A denúncia foi apresentada pelo aplicativo Pardal e questionava a participação do candidato no evento “Emoções – O valor da mulher que Deus criou”, realizado em 29 de agosto, na Get Church Sinop. Casarin participou como integrante de um painel e teve espaço para falar com o público.

Na decisão, o juiz Cristiano dos Santos Fialho, da 22ª Zona Eleitoral de Sinop, reconheceu que templos religiosos são considerados bens de uso comum para fins eleitorais e que a propaganda eleitoral nesses espaços é proibida.

No entanto, segundo o magistrado, os registros apresentados não foram suficientes para comprovar que o candidato utilizou o evento para fazer propaganda eleitoral.

Falta de pedido de voto

O juiz afirmou que os vídeos analisados mostram Casarin falando dentro da temática do próprio evento, mas não identificam de maneira inequívoca pedido de voto, pedido de apoio político, divulgação do número de candidatura ou outra circunstância que caracterizasse propaganda eleitoral.

“A circunstância de o noticiado ostentar a condição de candidato e participar de evento realizado em templo religioso, por si só, não autoriza a adoção de medida de poder de polícia”, diz a sentença.

O magistrado também destacou que o evento ocorreu em 29 de agosto, enquanto a denúncia só foi apresentada em 16 de setembro. Dessa forma, não havia mais uma situação em andamento que pudesse ser interrompida ou ter material retirado.

Com isso, o juiz extinguiu o procedimento no âmbito do poder de polícia eleitoral.

A decisão, contudo, ressalta que isso não representa uma declaração definitiva de que a conduta foi regular ou irregular. Segundo o magistrado, uma eventual apuração sobre o contexto completo do evento precisaria ocorrer por meio de procedimento próprio.

Nova denúncia

A decisão ocorre em meio a outro questionamento eleitoral recente envolvendo a campanha de Casarin.

Nesta semana, o candidato também foi alvo de denúncia apresentada pelo aplicativo Pardal após a divulgação de um vídeo em que um integrante de sua equipe aparece segurando uma lata de cerveja enquanto carregava uma bandeira de campanha. A denúncia apontava possível distribuição ou fornecimento de bebida alcoólica a eleitores.

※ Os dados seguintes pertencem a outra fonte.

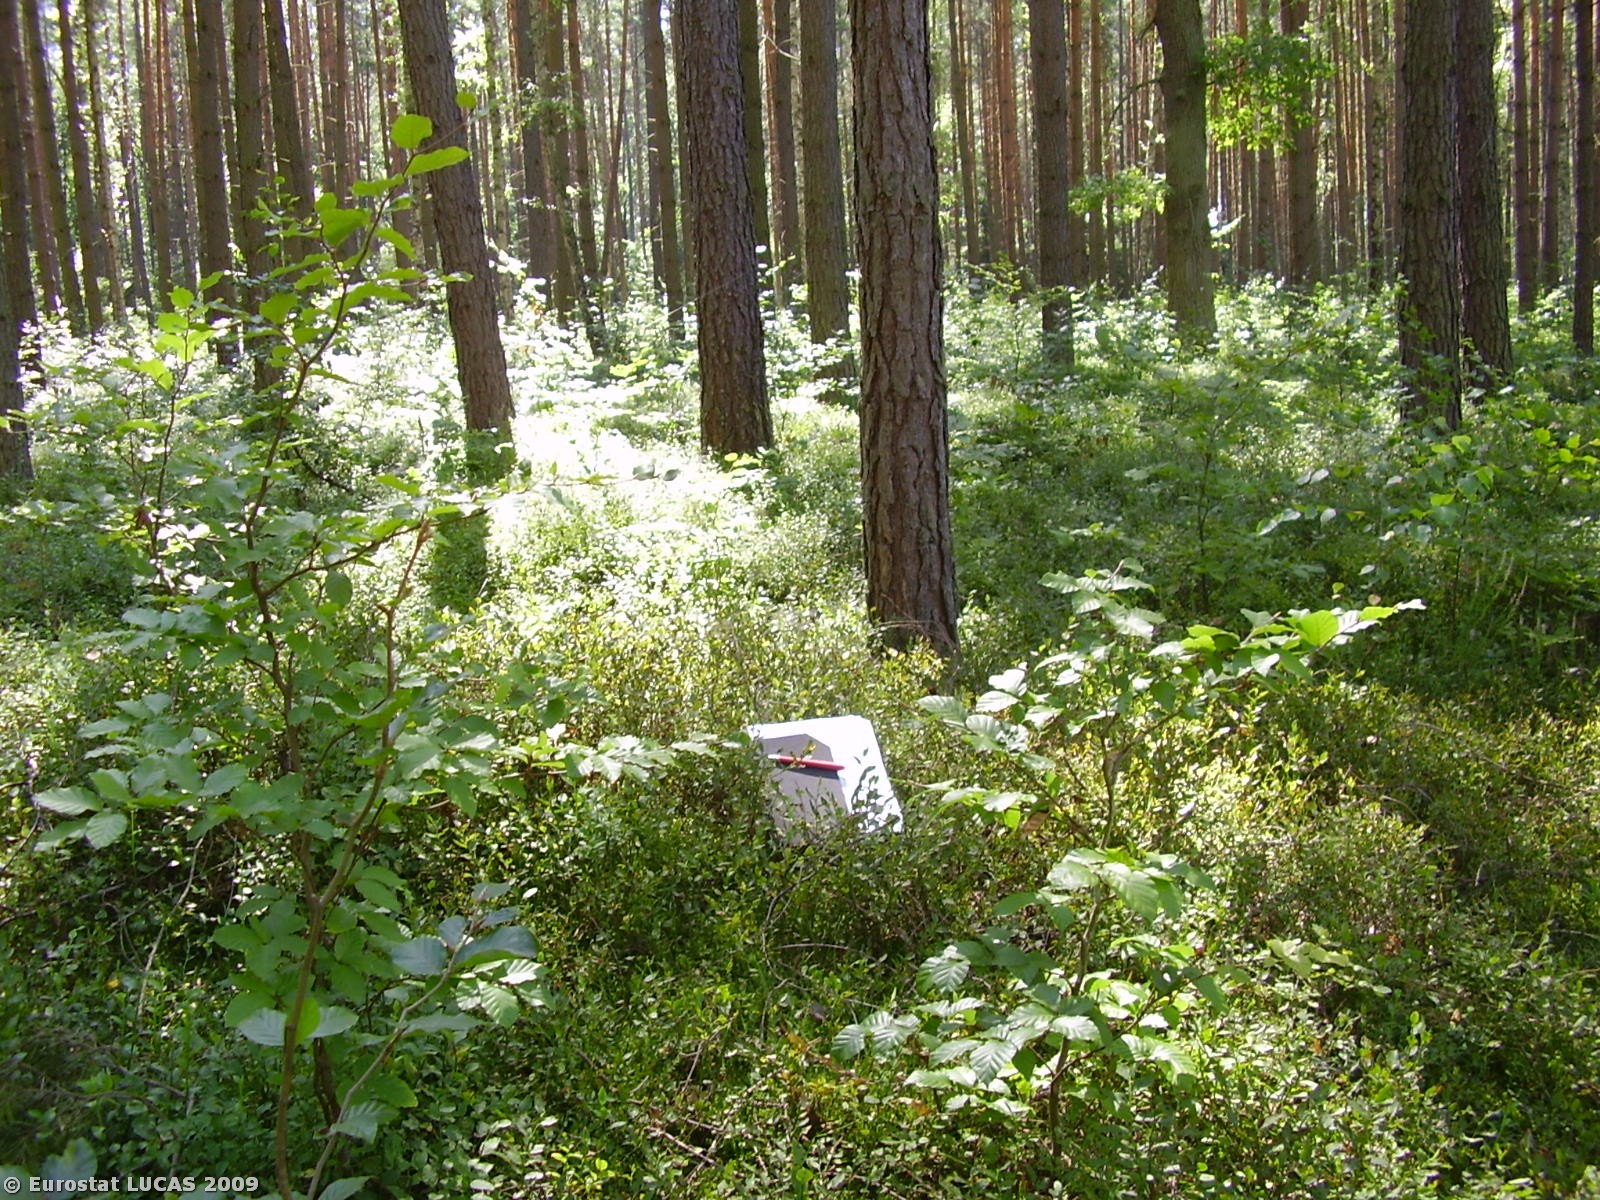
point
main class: Woodland
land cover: Mixed woodland
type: hemiboreal forest and nemoral coniferous forest and mixed broadleaved-coniferous forest
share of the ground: > 75 %
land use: Forestry
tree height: > 5 m
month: August
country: PL
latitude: 51.3749
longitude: 17.3242
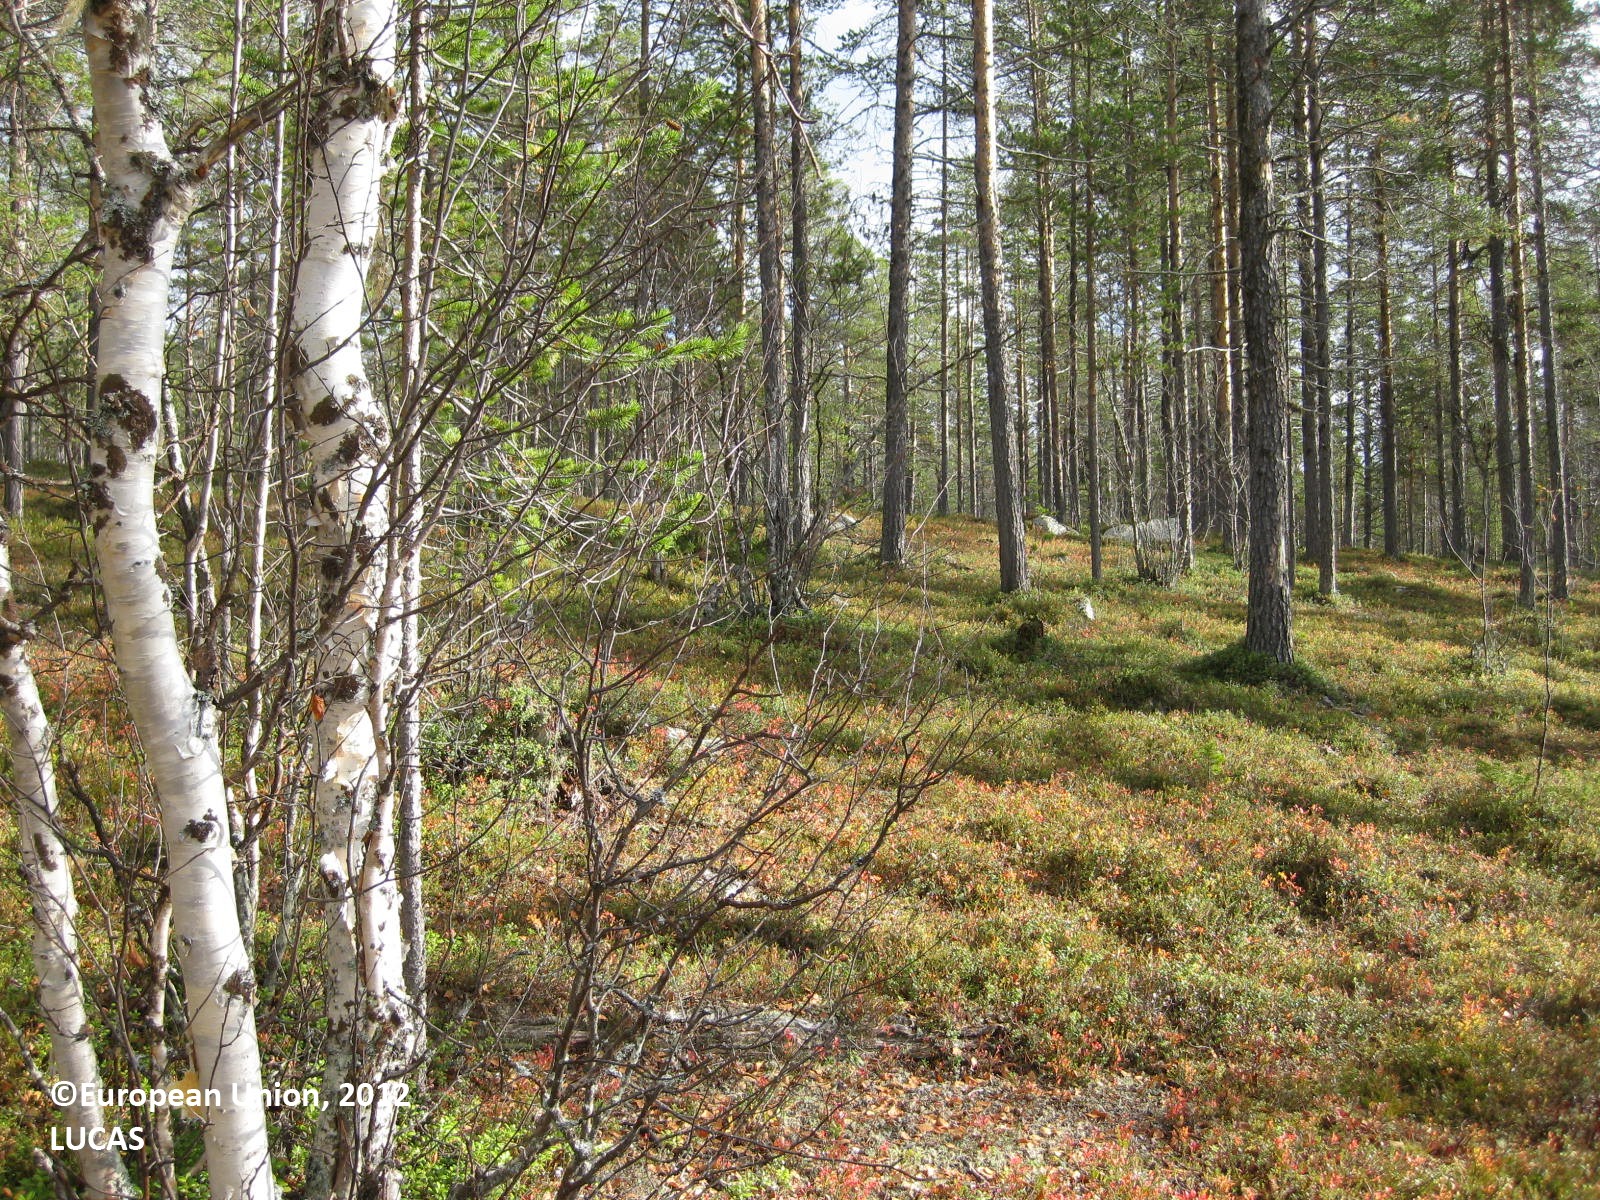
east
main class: Woodland
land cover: Pine dominated coniferous woodland
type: boreal forest
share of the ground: 50 - 75 %
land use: Forestry
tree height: > 5 m
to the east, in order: Pine dominated coniferous woodland; Tracks; Pine dominated coniferous woodland
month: September
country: FI
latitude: 68.0544
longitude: 23.7505

Em decisão relacionada ao caso, o mesmo juiz afirmou que as imagens não comprovavam distribuição, fornecimento ou oferecimento de bebida a eleitores. O procedimento também foi extinto no âmbito do poder de polícia, mas os autos foram encaminhados ao Ministério Público Eleitoral para que o órgão avalie se há necessidade de investigação por outra via.

A Justiça destacou que uma eventual apuração sobre origem, custeio, destinatários e finalidade da bebida, caso existam outros elementos, deve ocorrer em procedimento próprio.

Embates

Casarin vem protagonizando outros episódios de disputa eleitoral em Sinop. No fim de agosto, ele e o candidato a deputado estadual Marcos Vinicius Borges (PSDB) trocaram acusações e ofensas nas redes sociais, em uma disputa que chegou à Justiça Eleitoral.

Em uma das decisões, o TRE-MT determinou a retirada de vídeos publicados por Marcos Vinicius nos quais Casarin era chamado de “Sargento Mentirin” e acusado de omissão diante de uma denúncia envolvendo divulgação de imagens íntimas. A Justiça apontou que não havia, nos autos, apuração que sustentasse a acusação feita contra o candidato.